* **EXCERPTED RECORDS**:
━━━━━━━━━━━━━━━━━━━━
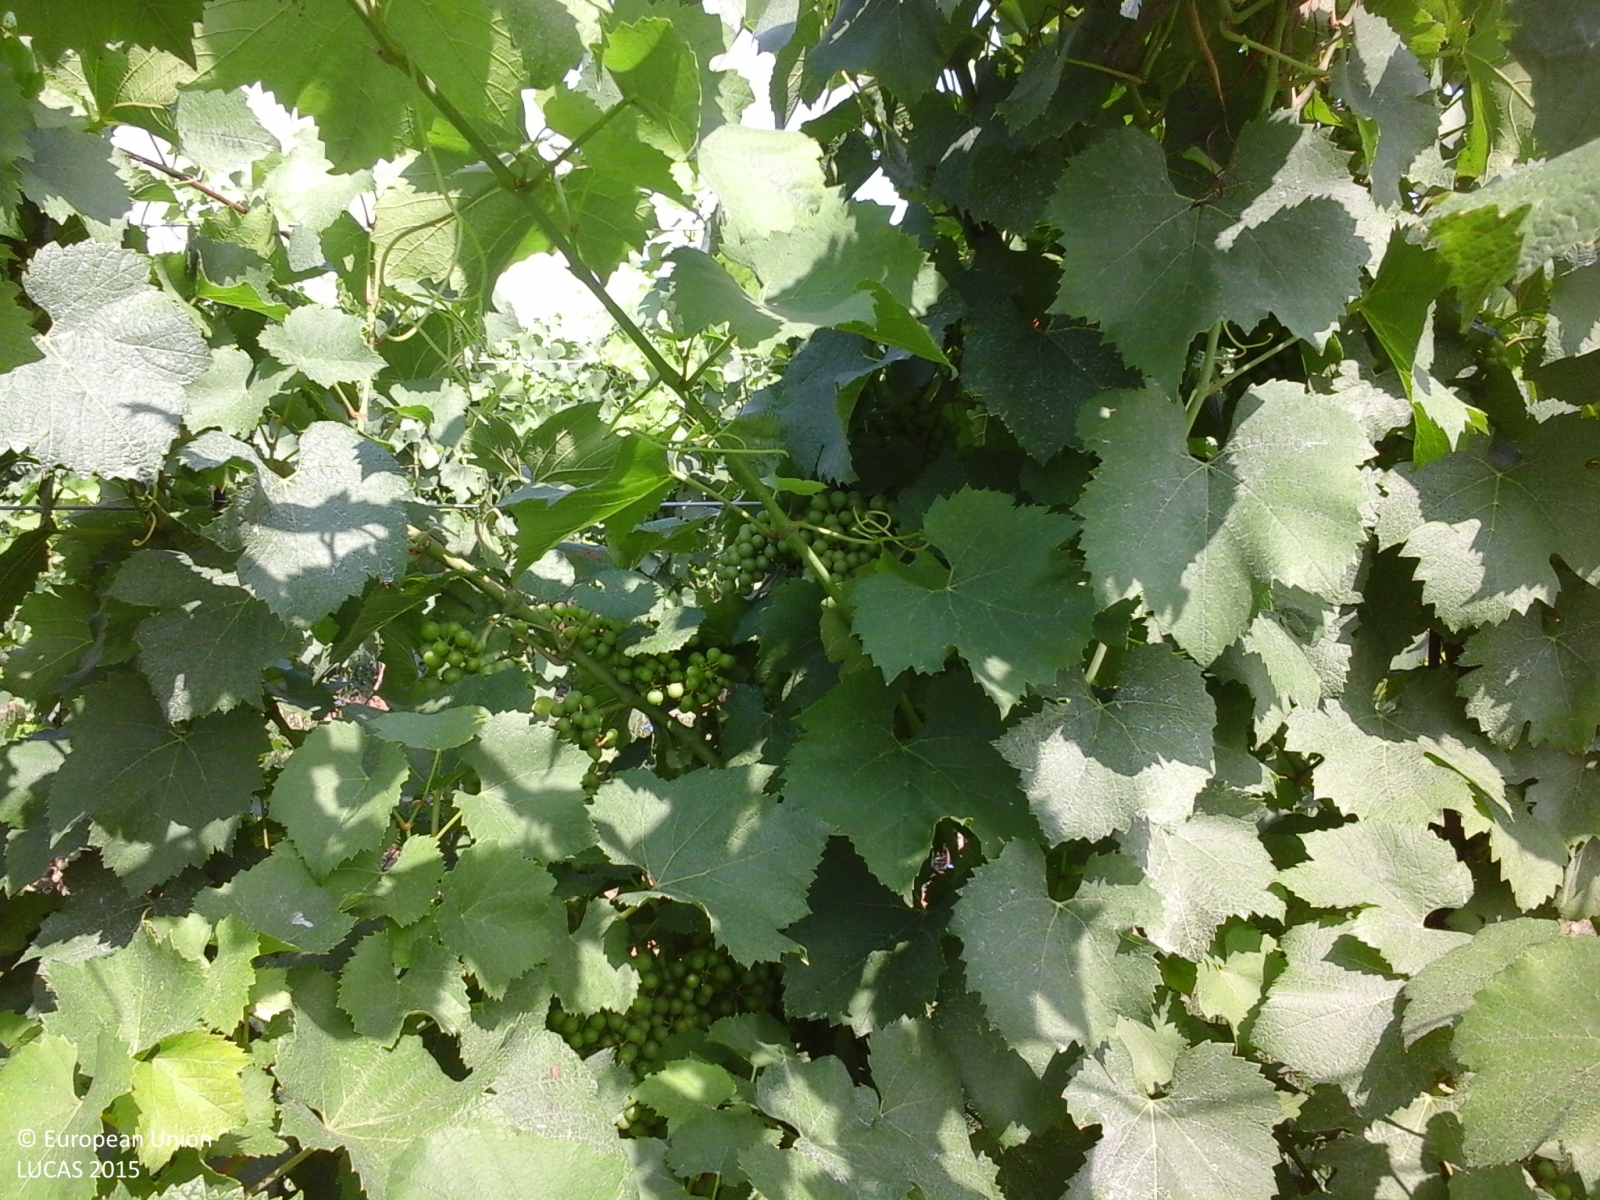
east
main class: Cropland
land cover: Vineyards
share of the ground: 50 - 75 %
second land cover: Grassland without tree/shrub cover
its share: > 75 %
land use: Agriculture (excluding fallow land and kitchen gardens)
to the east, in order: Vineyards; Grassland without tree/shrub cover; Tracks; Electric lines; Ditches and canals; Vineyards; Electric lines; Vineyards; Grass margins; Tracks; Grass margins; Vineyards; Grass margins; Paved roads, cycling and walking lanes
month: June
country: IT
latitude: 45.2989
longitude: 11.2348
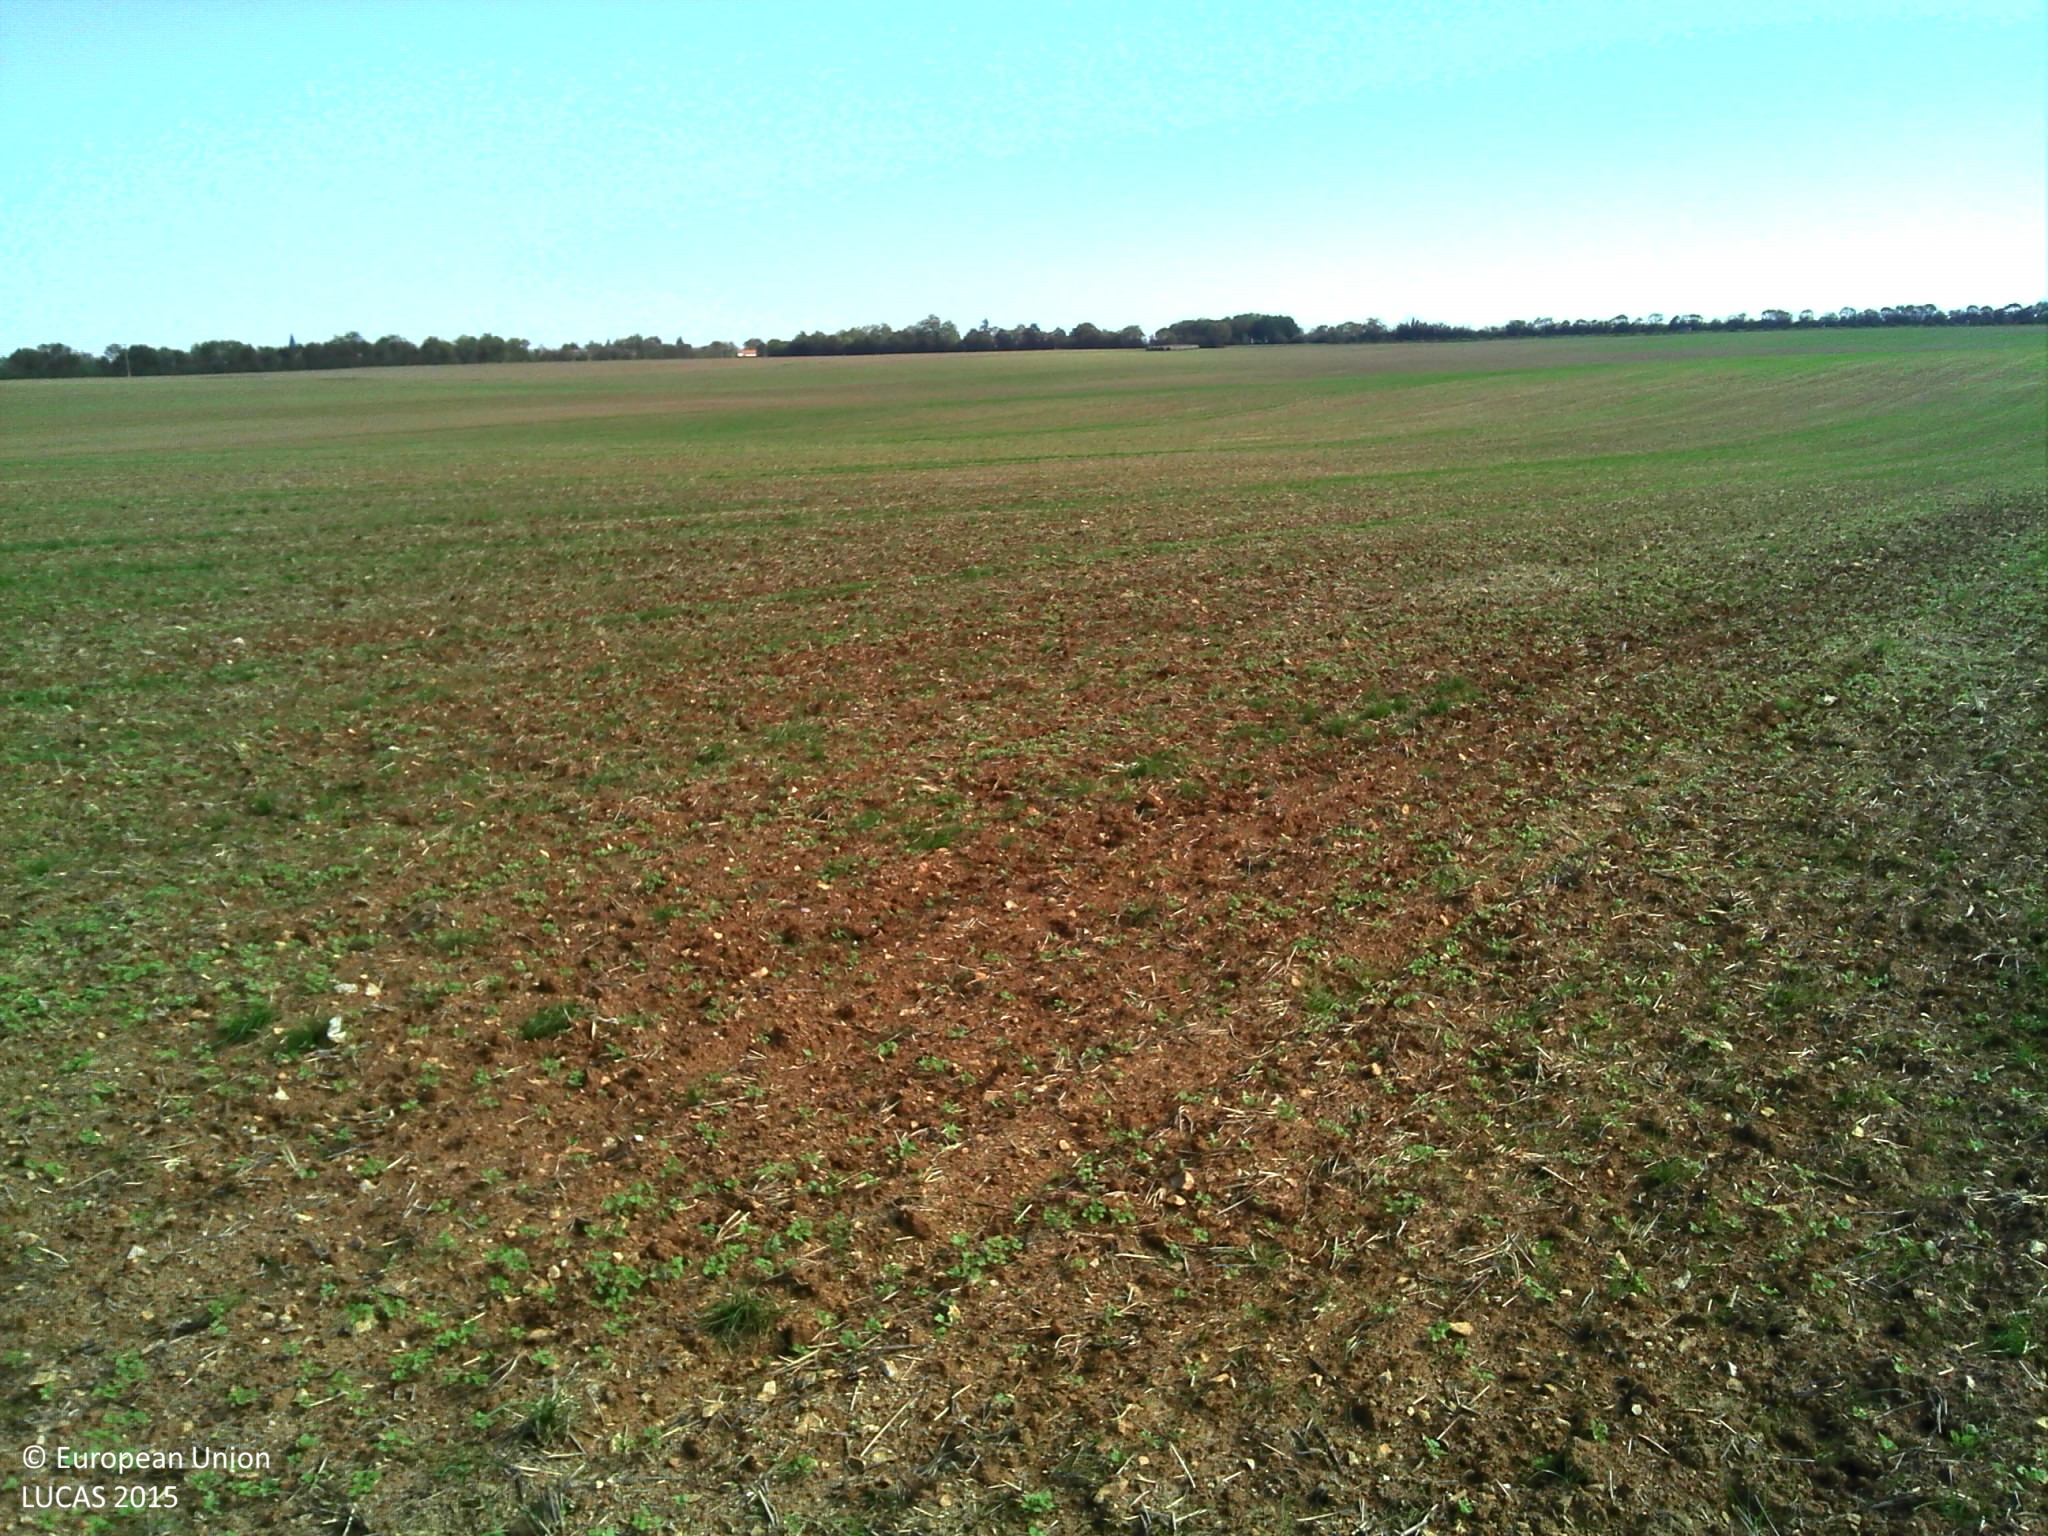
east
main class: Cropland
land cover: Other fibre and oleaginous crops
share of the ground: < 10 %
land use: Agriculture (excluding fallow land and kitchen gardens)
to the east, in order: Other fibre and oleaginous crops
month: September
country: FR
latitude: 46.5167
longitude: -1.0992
━━━━━━━━━━━━━━━━━━━━
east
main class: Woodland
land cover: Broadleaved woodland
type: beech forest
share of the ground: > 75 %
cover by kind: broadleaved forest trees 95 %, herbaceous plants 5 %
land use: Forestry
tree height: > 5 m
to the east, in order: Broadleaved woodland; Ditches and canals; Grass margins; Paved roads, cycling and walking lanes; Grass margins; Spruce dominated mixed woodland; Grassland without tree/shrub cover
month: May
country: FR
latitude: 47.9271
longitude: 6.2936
━━━━━━━━━━━━━━━━━━━━
* **GOAL OF THE EXERCISE**: Whenever a line above includes "order", copy it in full.

* **OUTPUT OF THE EXERCISE**:
to the east, in order: Vineyards; Grassland without tree/shrub cover; Tracks; Electric lines; Ditches and canals; Vineyards; Electric lines; Vineyards; Grass margins; Tracks; Grass margins; Vineyards; Grass margins; Paved roads, cycling and walking lanes
to the east, in order: Other fibre and oleaginous crops
to the east, in order: Broadleaved woodland; Ditches and canals; Grass margins; Paved roads, cycling and walking lanes; Grass margins; Spruce dominated mixed woodland; Grassland without tree/shrub cover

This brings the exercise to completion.